#### Problem
Report every line in the listing below where the string "class" shows up.
##########
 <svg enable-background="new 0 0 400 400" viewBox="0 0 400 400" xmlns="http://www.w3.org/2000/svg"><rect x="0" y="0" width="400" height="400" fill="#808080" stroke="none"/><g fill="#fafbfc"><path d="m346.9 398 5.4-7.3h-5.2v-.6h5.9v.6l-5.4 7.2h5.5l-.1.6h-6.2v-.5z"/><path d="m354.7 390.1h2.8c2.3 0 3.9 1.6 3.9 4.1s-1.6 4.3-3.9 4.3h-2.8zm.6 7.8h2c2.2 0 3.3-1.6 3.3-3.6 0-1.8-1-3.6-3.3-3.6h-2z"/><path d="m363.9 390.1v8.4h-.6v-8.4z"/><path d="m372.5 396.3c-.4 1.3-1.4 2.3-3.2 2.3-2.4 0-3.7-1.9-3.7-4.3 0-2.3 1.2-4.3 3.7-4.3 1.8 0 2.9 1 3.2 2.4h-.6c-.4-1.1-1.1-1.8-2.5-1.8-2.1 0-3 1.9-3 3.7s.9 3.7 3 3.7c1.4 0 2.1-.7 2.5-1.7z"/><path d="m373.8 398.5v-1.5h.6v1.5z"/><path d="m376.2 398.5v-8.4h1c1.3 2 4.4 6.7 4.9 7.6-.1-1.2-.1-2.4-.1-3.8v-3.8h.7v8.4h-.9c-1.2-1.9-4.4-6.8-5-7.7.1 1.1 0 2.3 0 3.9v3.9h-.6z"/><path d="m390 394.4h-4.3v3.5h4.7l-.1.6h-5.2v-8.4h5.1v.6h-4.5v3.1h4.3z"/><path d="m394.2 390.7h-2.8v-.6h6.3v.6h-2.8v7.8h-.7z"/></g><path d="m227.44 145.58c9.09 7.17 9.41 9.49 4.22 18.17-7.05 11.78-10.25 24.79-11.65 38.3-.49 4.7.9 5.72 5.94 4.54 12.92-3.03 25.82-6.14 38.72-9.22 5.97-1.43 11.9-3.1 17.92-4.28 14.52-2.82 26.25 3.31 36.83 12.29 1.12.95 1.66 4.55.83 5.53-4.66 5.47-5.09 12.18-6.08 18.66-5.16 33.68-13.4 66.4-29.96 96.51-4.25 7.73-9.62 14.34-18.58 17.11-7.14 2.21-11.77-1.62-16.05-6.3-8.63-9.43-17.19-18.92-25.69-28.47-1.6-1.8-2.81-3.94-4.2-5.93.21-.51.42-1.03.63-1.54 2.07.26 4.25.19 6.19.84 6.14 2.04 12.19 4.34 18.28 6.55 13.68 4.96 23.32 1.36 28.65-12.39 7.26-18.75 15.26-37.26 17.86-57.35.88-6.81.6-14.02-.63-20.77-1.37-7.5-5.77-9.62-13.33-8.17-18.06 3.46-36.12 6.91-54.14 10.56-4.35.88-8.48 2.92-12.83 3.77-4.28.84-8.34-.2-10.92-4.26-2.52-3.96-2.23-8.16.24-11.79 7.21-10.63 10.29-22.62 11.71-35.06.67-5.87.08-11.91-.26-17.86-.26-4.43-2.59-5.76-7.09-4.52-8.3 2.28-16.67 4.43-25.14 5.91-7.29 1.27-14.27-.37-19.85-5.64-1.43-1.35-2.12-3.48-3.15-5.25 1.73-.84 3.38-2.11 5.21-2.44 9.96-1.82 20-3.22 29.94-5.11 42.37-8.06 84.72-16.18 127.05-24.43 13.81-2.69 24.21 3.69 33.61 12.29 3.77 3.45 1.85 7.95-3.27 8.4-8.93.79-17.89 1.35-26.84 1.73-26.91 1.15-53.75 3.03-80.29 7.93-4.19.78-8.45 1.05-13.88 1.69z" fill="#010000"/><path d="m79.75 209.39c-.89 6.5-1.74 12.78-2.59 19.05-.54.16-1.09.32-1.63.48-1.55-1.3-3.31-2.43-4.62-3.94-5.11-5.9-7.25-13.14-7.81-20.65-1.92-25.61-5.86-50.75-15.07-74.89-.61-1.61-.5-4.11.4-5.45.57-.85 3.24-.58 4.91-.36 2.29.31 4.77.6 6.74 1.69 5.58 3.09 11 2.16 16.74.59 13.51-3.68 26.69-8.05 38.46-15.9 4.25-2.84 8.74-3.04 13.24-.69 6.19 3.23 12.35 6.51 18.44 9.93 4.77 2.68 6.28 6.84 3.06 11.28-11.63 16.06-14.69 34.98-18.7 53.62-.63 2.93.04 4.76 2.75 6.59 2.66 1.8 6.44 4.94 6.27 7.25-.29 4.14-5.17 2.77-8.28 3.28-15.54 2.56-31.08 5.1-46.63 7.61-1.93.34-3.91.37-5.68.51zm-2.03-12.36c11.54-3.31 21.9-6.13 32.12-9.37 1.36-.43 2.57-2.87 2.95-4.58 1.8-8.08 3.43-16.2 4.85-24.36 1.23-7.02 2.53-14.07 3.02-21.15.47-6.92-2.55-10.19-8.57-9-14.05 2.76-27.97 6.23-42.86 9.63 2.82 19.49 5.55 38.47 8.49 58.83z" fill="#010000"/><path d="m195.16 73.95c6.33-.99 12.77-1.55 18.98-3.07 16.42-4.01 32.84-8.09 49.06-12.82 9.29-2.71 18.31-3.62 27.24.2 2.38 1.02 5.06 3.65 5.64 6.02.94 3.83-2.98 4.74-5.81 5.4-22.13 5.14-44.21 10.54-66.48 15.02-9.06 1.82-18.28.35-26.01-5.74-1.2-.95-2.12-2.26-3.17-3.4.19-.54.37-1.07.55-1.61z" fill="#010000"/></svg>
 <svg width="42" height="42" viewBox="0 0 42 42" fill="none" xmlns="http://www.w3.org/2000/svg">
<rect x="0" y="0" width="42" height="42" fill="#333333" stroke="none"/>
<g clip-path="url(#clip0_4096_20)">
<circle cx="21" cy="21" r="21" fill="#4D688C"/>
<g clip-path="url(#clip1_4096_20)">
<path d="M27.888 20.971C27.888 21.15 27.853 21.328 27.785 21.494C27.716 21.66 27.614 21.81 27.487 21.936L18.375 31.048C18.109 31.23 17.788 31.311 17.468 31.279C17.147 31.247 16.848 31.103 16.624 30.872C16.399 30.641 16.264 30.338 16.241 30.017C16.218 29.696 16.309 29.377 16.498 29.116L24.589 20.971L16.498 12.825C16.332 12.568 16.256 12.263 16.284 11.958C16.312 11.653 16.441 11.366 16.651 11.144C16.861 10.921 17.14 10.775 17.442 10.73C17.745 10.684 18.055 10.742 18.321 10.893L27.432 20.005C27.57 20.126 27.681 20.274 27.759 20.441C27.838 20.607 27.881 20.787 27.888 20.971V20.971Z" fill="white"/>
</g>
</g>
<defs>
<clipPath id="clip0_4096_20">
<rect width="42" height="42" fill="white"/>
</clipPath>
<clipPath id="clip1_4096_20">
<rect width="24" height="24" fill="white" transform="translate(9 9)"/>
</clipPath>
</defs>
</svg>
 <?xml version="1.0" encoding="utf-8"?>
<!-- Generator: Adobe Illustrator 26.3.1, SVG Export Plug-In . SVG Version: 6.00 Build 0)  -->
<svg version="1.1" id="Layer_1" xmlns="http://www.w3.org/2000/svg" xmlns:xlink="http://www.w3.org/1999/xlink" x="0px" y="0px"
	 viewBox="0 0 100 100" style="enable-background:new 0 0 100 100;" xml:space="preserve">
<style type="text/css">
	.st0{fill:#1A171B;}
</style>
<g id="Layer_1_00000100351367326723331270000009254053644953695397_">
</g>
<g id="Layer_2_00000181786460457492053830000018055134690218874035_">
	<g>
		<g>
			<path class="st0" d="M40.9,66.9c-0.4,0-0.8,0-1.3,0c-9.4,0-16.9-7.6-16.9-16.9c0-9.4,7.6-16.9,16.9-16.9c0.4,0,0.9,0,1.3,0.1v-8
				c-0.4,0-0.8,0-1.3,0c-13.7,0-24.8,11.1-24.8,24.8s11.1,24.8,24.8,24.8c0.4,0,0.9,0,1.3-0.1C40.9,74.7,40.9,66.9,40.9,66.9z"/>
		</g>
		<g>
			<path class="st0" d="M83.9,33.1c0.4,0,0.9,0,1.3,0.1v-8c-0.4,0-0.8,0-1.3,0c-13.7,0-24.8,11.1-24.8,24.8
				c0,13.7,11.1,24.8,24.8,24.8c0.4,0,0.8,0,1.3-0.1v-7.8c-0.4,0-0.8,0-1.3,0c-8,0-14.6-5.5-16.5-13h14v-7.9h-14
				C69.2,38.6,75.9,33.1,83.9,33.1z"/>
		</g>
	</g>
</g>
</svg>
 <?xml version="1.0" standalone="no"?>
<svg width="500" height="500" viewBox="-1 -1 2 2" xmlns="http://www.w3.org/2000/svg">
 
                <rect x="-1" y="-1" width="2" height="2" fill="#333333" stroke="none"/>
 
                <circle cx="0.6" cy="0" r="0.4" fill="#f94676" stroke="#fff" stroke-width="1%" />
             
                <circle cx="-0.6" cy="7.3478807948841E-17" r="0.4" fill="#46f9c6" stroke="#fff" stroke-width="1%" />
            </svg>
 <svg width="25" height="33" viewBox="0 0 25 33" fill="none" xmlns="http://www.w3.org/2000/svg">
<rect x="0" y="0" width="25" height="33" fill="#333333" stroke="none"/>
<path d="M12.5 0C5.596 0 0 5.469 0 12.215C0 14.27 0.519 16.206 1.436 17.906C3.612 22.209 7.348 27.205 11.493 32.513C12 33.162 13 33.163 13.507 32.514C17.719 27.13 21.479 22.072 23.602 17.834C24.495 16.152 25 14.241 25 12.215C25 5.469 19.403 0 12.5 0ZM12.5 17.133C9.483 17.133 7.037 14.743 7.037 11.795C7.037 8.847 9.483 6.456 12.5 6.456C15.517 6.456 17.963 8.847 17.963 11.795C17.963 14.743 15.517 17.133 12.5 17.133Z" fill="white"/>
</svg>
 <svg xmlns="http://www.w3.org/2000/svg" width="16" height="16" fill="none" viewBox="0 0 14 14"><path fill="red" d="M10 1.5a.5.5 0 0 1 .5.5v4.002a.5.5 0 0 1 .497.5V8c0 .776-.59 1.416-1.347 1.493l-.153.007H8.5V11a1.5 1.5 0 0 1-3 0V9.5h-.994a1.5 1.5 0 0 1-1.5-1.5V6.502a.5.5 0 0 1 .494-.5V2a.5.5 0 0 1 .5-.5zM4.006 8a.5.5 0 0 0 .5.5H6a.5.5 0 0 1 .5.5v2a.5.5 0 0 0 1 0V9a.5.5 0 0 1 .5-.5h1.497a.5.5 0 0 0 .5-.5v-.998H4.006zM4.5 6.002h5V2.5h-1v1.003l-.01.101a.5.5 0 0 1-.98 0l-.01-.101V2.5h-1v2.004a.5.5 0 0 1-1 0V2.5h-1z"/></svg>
##########
#### Task result
			<path class="st0" d="M40.9,66.9c-0.4,0-0.8,0-1.3,0c-9.4,0-16.9-7.6-16.9-16.9c0-9.4,7.6-16.9,16.9-16.9c0.4,0,0.9,0,1.3,0.1v-8
			<path class="st0" d="M83.9,33.1c0.4,0,0.9,0,1.3,0.1v-8c-0.4,0-0.8,0-1.3,0c-13.7,0-24.8,11.1-24.8,24.8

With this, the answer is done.